Il se réclame lui-même comme le candidat de la "nouvelle génération" : Bruno Le Maire a accordé une interview remarquée au youtubeur Hugo Travers dans laquelle il a tenu à expliquer en "version jeune" son projet présidentiel en vue de la primaire de la droite et du centre, qui se tiendra les 20 et 27 novembre prochains.

Le député de l'Eure, annoncé comme le "3e homme" du scrutin, bat le pavé depuis plusieurs semaines pour promouvoir son "contrat présidentiel" qui vise à "redonner un élan" à la France. Au cours de cet entretien de près d'une demi-heure, mis en ligne mercredi 5 octobre sur la chaîne YouTube "HugoDécrypte", le prétendant à l'investiture chez les Républicains a détaillé le "renouveau" qu'il souhaite incarner, se fendant au passage de quelques phrases qui ont amusé les internautes.

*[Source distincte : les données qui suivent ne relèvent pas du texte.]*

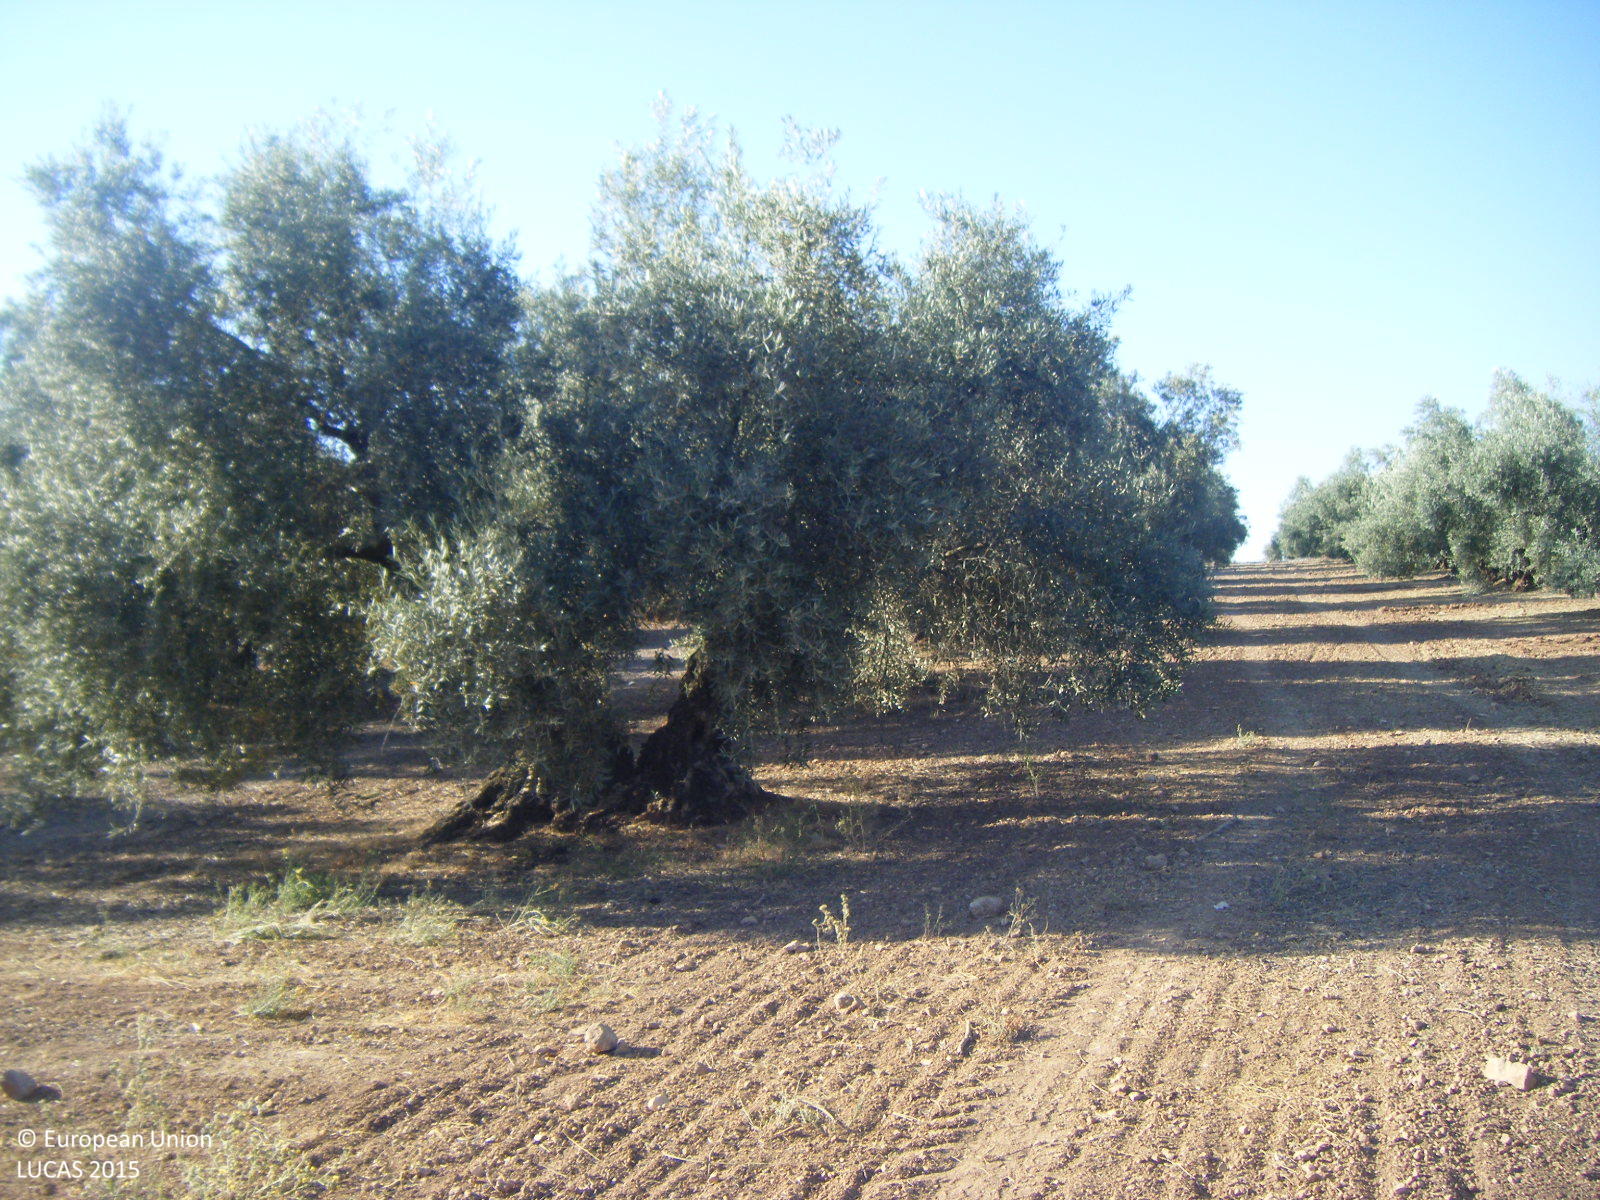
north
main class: Cropland
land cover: Olive groves
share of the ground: 25 - 50 %
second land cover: Other bare soil
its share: > 75 %
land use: Agriculture (excluding fallow land and kitchen gardens)
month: June
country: ES
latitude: 37.2993
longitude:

Pour détailler son objectif de "rendre la fierté d'être Français", Bruno Le Maire a pris l'exemple des "petits américains", qui se disent 'putain, être américain, c'est la classe!'". "Et bien moi je voudrais que n'importe quel Français dans n'importe quelle école de France se dise 'Putain je suis Français, c'est la classe'". Ce passage a été relayé sur Twitter par le compte officiel de Bruno Le Maire.


Si du côté des soutiens de Bruno Le Maire, on se félicite de cette "proximité" et de sa "franchise", d'autres n'ont pas tardé pour railler les mots choisis par le candidat à la primaire. Le compte officiel du groupe de soutien à Nicolas Sarkozy "NouS les Jeunes" n'a ainsi pas tardé pour critiquer les termes employés. "Si 'putain' c'est le renouveau de la langue française, on est pas impatient" a ainsi ironisé le groupe de soutien à l'ex-chef de l'Etat, dans un tweet.

Donné à la lutte pour la troisième place avec François Fillon, derrière Alain Juppé et Nicolas Sarkozy, Bruno Le Maire a balayé toute hypothèse de ralliement au soir du premier tour. "Que les choses soient claires, pas de ralliement à personne, liberté totale", a t-il ainsi affirmé dimanche dernier.